Starting about 3 weeks ago, I started prepping for a retreat I’m teaching at this weekend. I’ve known about the retreat for two months. It’s interesting to me just how hard it is to prep for something that isn’t right around the corner.

It’s also interesting to me that your mind knows what it can and can’t do. Sometimes you can overestimate what you can do in a short amount of time, but it seems pretty consistent that people will wait until the last minute to do their school work with deadlines. While some may fail when they do this, I’d say the majority fare quite well. At least better than you’d expect.

If that’s the case, it tells me that maybe we don’t put nearly as much as we could on our plates, and only make it worse by it being something we’re forced to do. If you can do something you don’t want to do in one day when it’s supposed to take you a week, imagine how fast you could do something that you did want to do.

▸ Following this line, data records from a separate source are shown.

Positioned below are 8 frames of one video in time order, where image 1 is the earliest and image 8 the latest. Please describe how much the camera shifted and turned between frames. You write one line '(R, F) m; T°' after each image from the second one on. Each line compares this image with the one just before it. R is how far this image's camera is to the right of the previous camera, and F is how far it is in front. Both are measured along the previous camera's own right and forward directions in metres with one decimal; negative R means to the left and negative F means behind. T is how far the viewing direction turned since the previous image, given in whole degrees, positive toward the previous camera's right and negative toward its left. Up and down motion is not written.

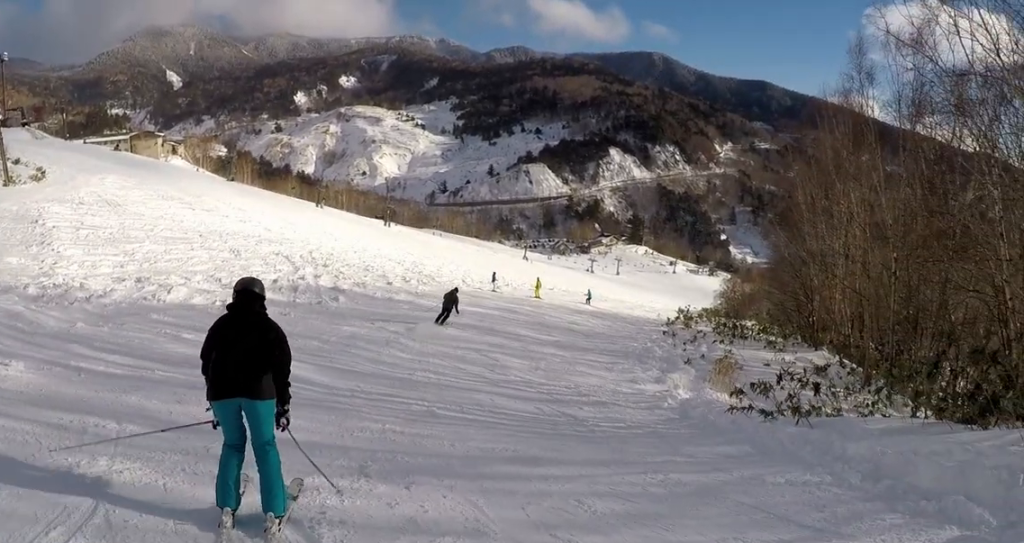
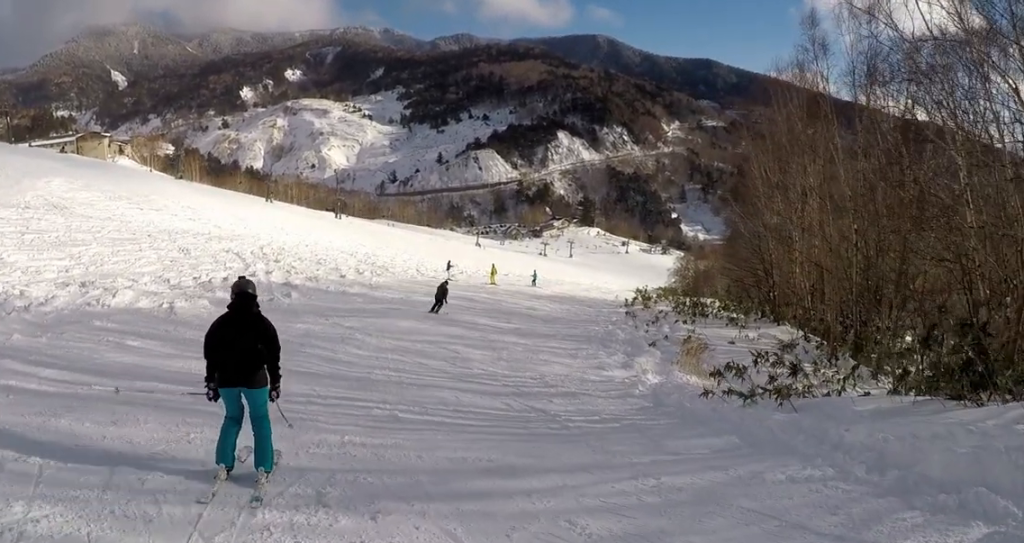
(+0.3, +1.4) m; +11°
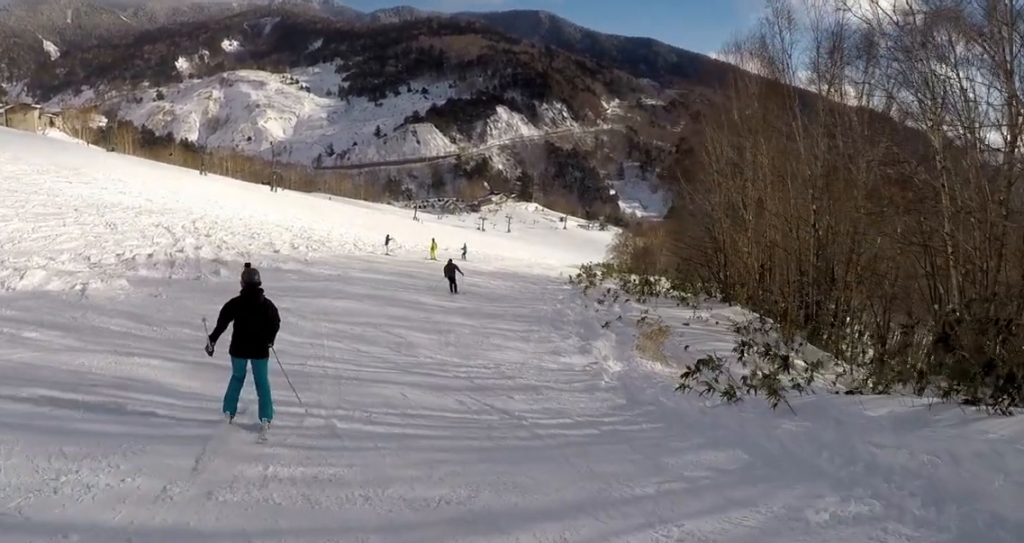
(+0.1, +2.5) m; +2°
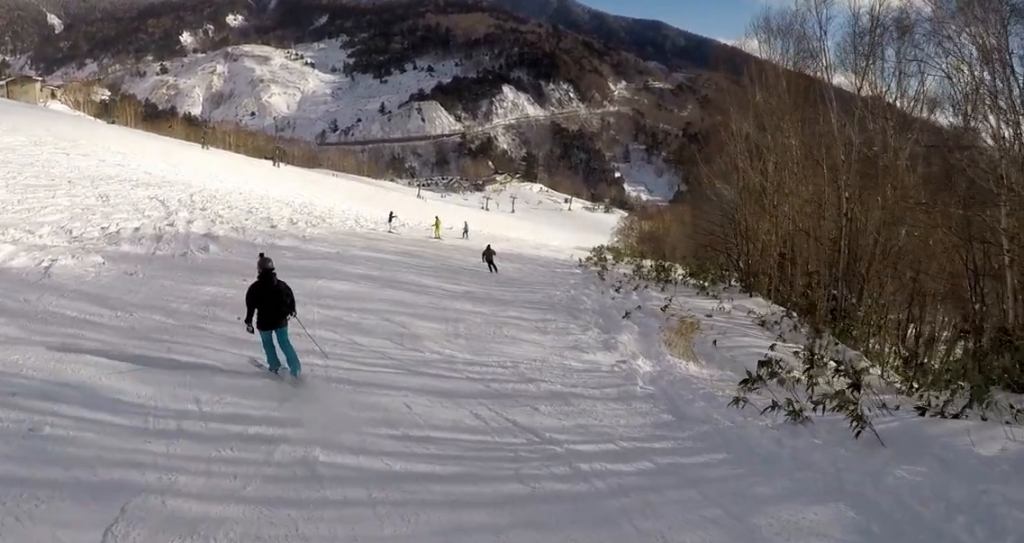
(0.0, +2.2) m; 0°
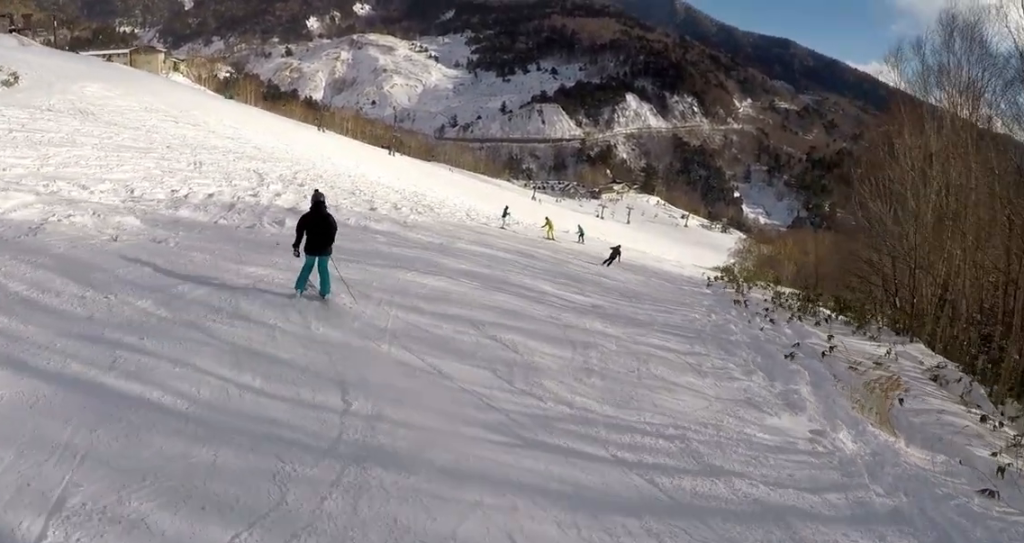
(0.0, +4.1) m; -1°
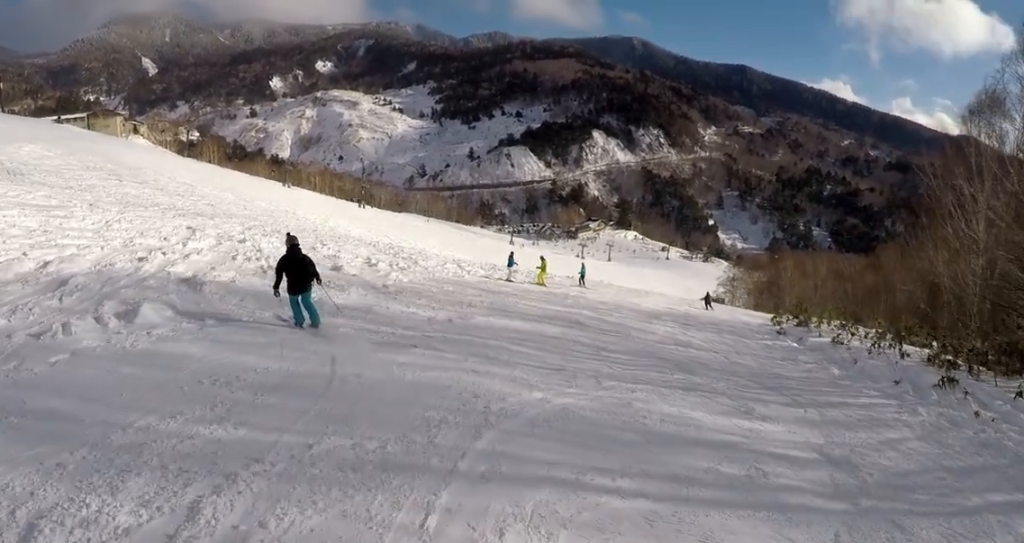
(-1.5, +9.1) m; -11°
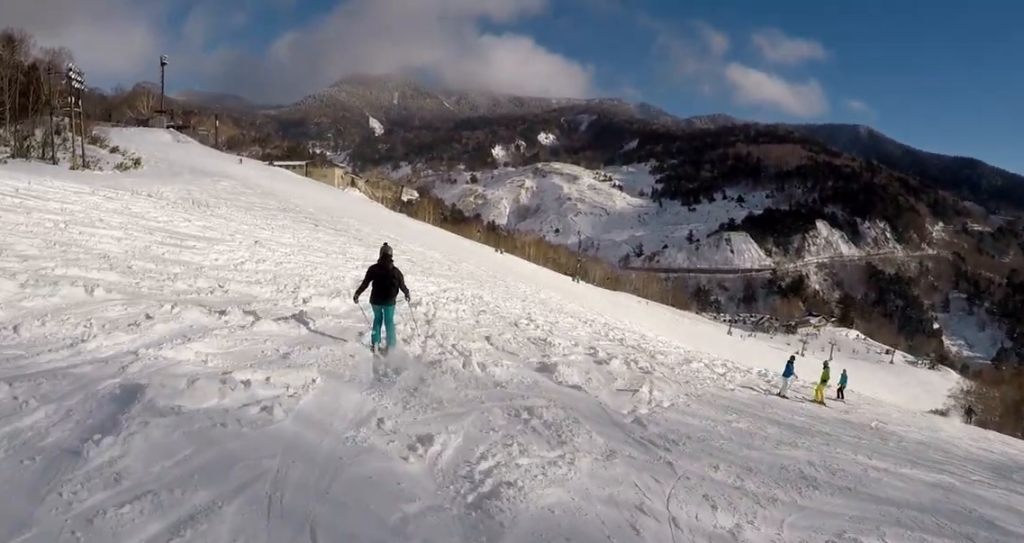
(+0.1, +8.8) m; -15°
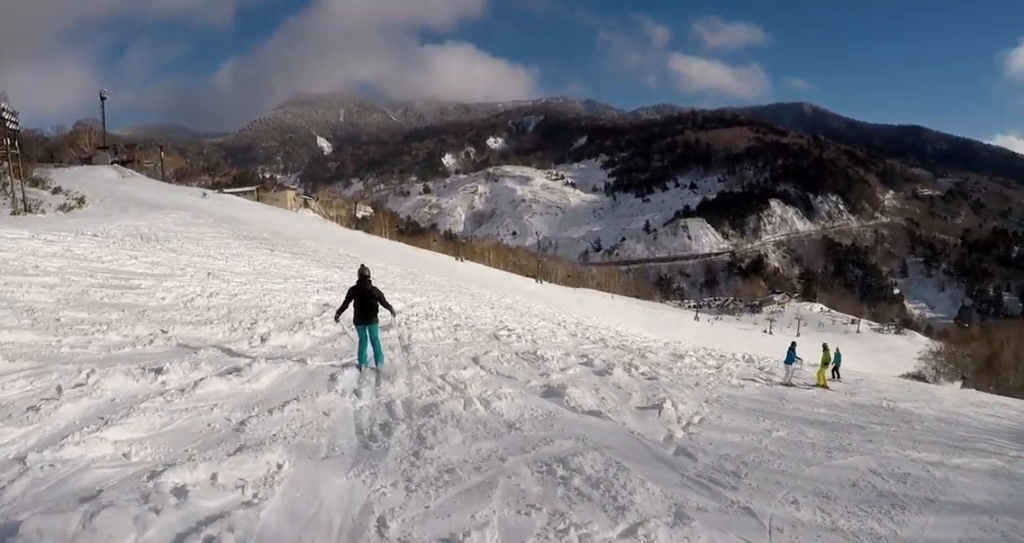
(-0.3, +2.1) m; -2°

That’s what I hate the school mindset. It’s “cram all of this knowledge in this set amount of time.” For some people that may work out perfectly because it’s exactly at their pace, but for everyone else, it may either be at way too slow of a pace or way too fast. By it being all in the same class with the same requirements, you don’t cater to the individual skills or struggles of each person.

If we switched this up and had more of an apprenticeship model, you would in so many ways be able to teach things in a comprehensive way that would allow people to learn at as fast a pace as they were interested in, and if they weren’t interested, they probably wouldn’t keep doing it long because it would be clear early on from doing it.

Everyone’s not a robot and I wish that our school system (and most education systems) stopped acting like we are.